Liupanshui has also developed tourism based on its role in the Third Front construction. Liupanshui is the site of the Guizhou Third Front Construction Museum.

==Cuisine==
Local cuisine includes Yangrou fen (羊肉粉) - Lamb rice noodles, and Luoguo yangyu (烙锅洋芋) - Fried potatoes.Lotus leaf glutinous rice chicken is a traditional snack in Liupanshui City, which has a long-standing reputation and is also a famous dish in banquets. When you open the lotus leaf, the fragrance is fragrant and the umami flavor is overflowing, and the glutinous rice is smooth and delicious.

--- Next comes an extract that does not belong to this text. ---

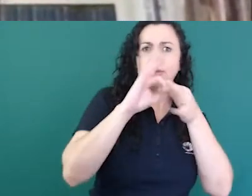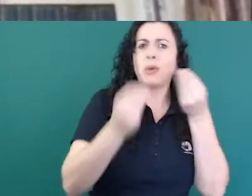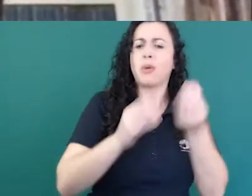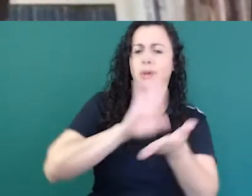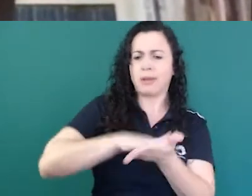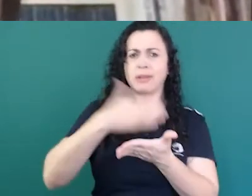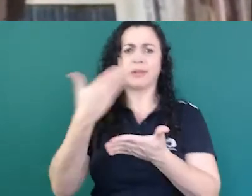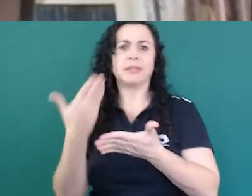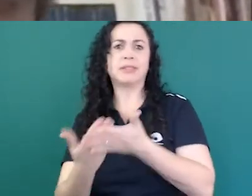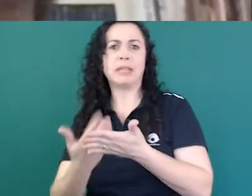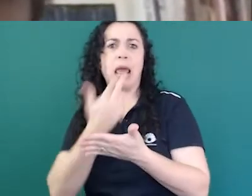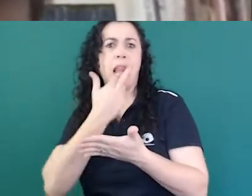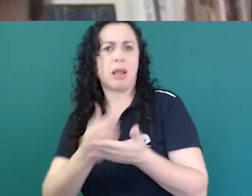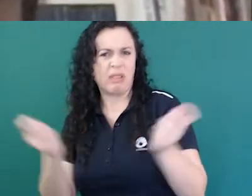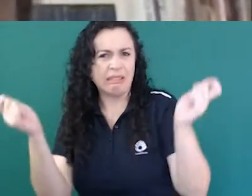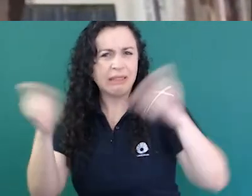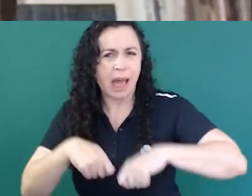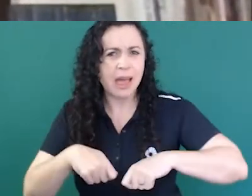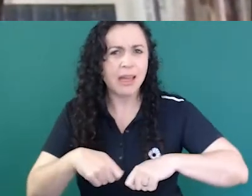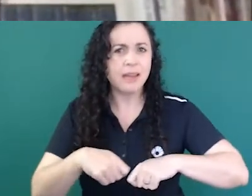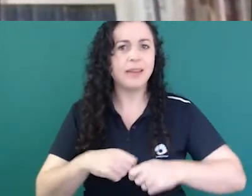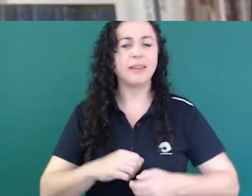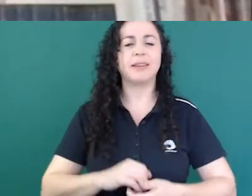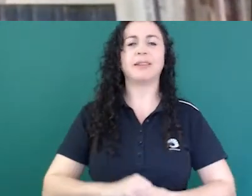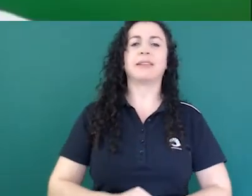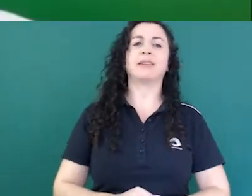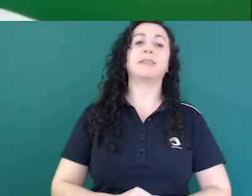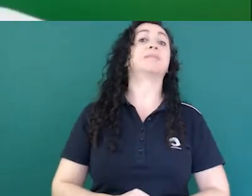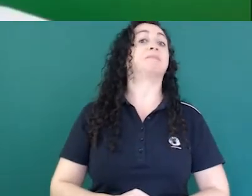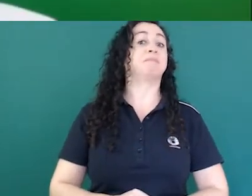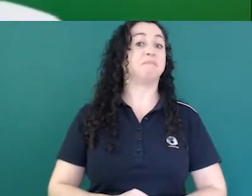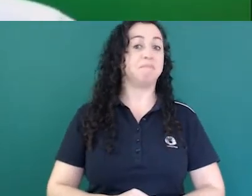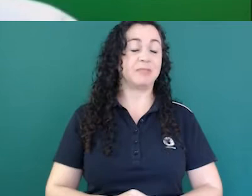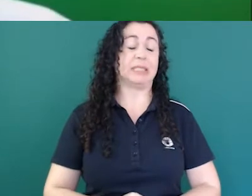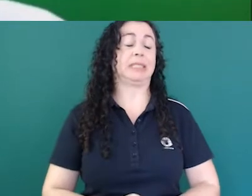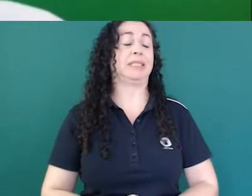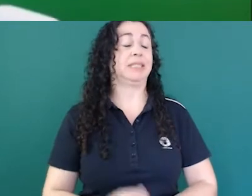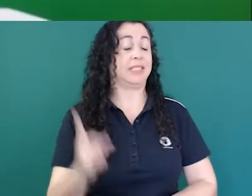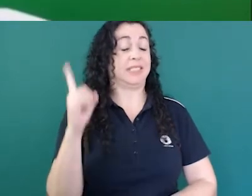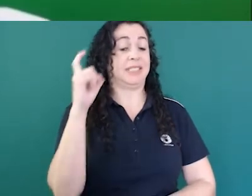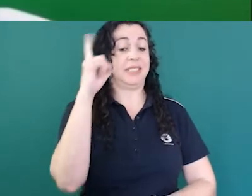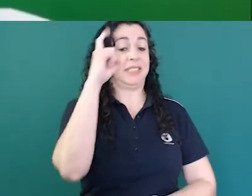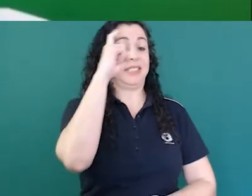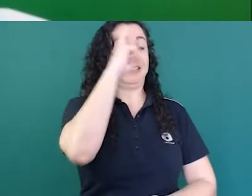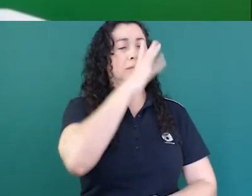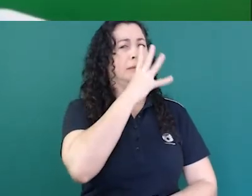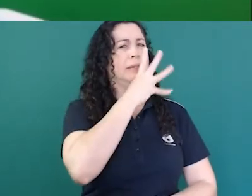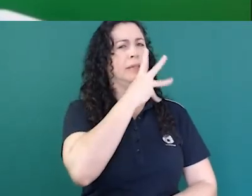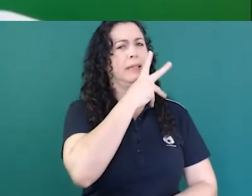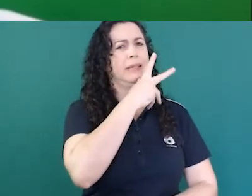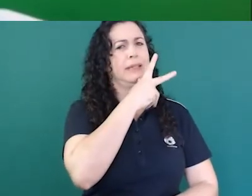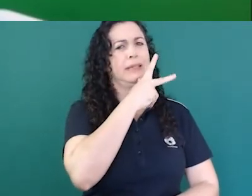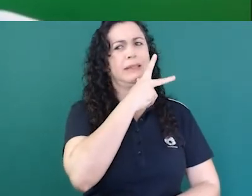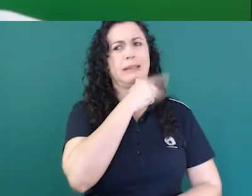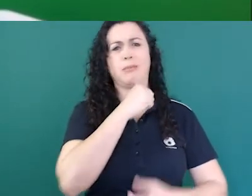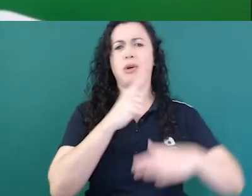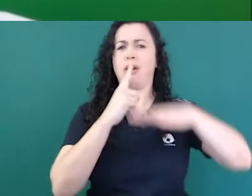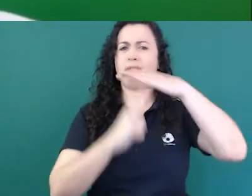isso numa língua? Eu acho que nós estamos distantes de tratar essa complexidade.

Shuicheng Laoguo (Shuicheng Hot Pot): Shuicheng Laoguo was listed as a representative project of the fifth batch of municipal intangible cultural heritage by the Liupanshui Municipal People's Government in 2018.

Panxian ham: Panxian ham takes a year to fully develop its characteristic flavor. The longer it's aged, the more mellow and fragrant it becomes. Ham aged three years or more can even be eaten raw.

Gua Lu Rice: The ingredients for Gua Lu Rice are combined in an unpredictable way, and the flavor can be either refreshing and subtle or strong and outgoing. Even the appearance can vary.

==International relations==

===Twin towns — Sister cities===
Liupanshui is twinned with:
- US Tucson, Arizona, United States

== Demographics ==
According to the Seventh National Census in 2020, the city's Permanent Population (hukou) was 3,031,602. Compared with 2,851,180 people in the Sixth census in 2010, the city's permanent population increased by 180,422 people, an increase of 6.33%, and the average annual growth rate was 0.62%. The male population was 1556454, accounting for 51.34%; The female population was 1,475,148 (48.66%). The sex ratio of the total population (100 females, male to female ratio) was 105.51, 5.19 percentage points lower than the 110.70 of the Sixth National census in 2010.